AMF modulated rhizospheric microbial enzyme activities and their impact on sulphur assimilation along with thiol metabolism in pigeonpea under Cd stress

Abstract

Presence of cadmium (Cd) in the soil has a negative impact on soil enzymatic activities, which, thus, reduce growth of the inhabiting plant species. Symbiotic association between plants and arbuscular mycorrhizal fungi-AMF have potential to overcome Cd stress. Therefore, the present study investigated the role of different AMF species [Claroideoglomus claroideum-Cc, C. etunicatum-Ce, Funneliformis mosseae-Fm and Rhizoglomus intraradices-Ri] in imparting Cd tolerance to pigeonpea-Cajanus cajan (L.) Millsp. Plants. The experiment was a complete factorial combination of two factors comprising of Cd concentrations (0, 25, 50 mg kg−1) and AMF treatments (Control/Non-AM, Cc, Ce, Fm, Ri) with twelve replicates for each treatment.
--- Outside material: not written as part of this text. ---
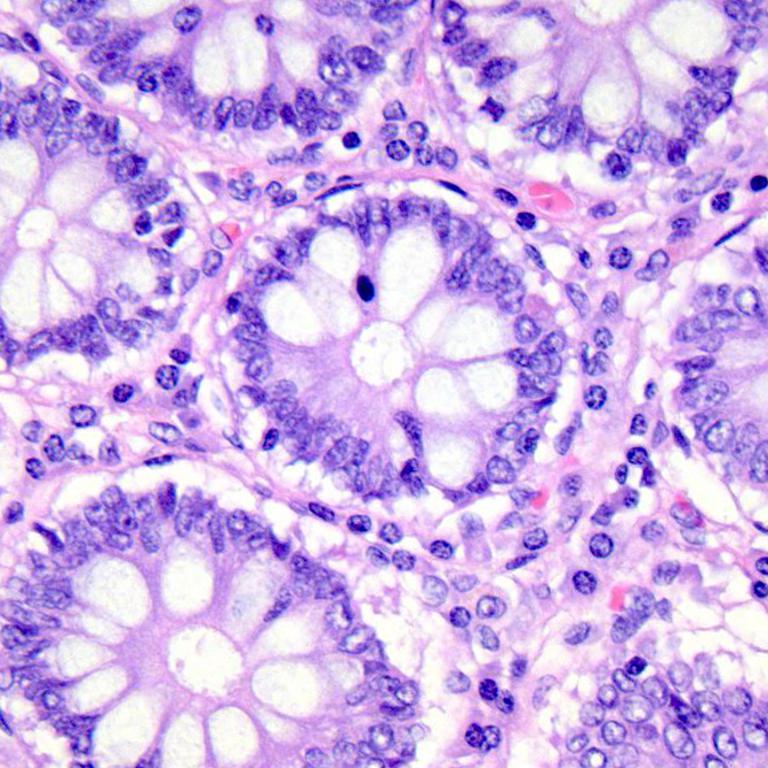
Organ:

A negative correlation between Cd concentration and plant growth, along with reactive oxygen species (ROS) build up were recorded. All mycorrhizal species reduced Cd uptake and lowered oxidative burden with maximum benefits provided by + Ri inoculation, followed by + Fm and + Ce, with + Cc the least. These effects could be associated with their relative root colonizing (RC) abilities and glomalin production in the soil. Greater efficiency of Ri than other three species could be related to maximum soil enzymatic activities [urease (URE), phosphatases (PHAs), dehydrogenase (DHase), arylsulfatase (AS)], which, enhanced the bioavailability of nutrients (P, S, N, K) to the plants. Moreover, higher activities of S assimilating enzymes [ATP sulfurylase (ATPS), γ-Glutamylcysteine synthetase (γ-ECS)] led to greater synthesis of thiol compounds [glutathiones (GSH), phytochelatins (PCs), non-protein thiol (NP-SH)] which, further reduced Cd translocation from roots to shoots. The study indicated that pigeonpea was highly responsive to different AMF species, with host-Ri combination displaying the strongest potential to alleviate Cd stress.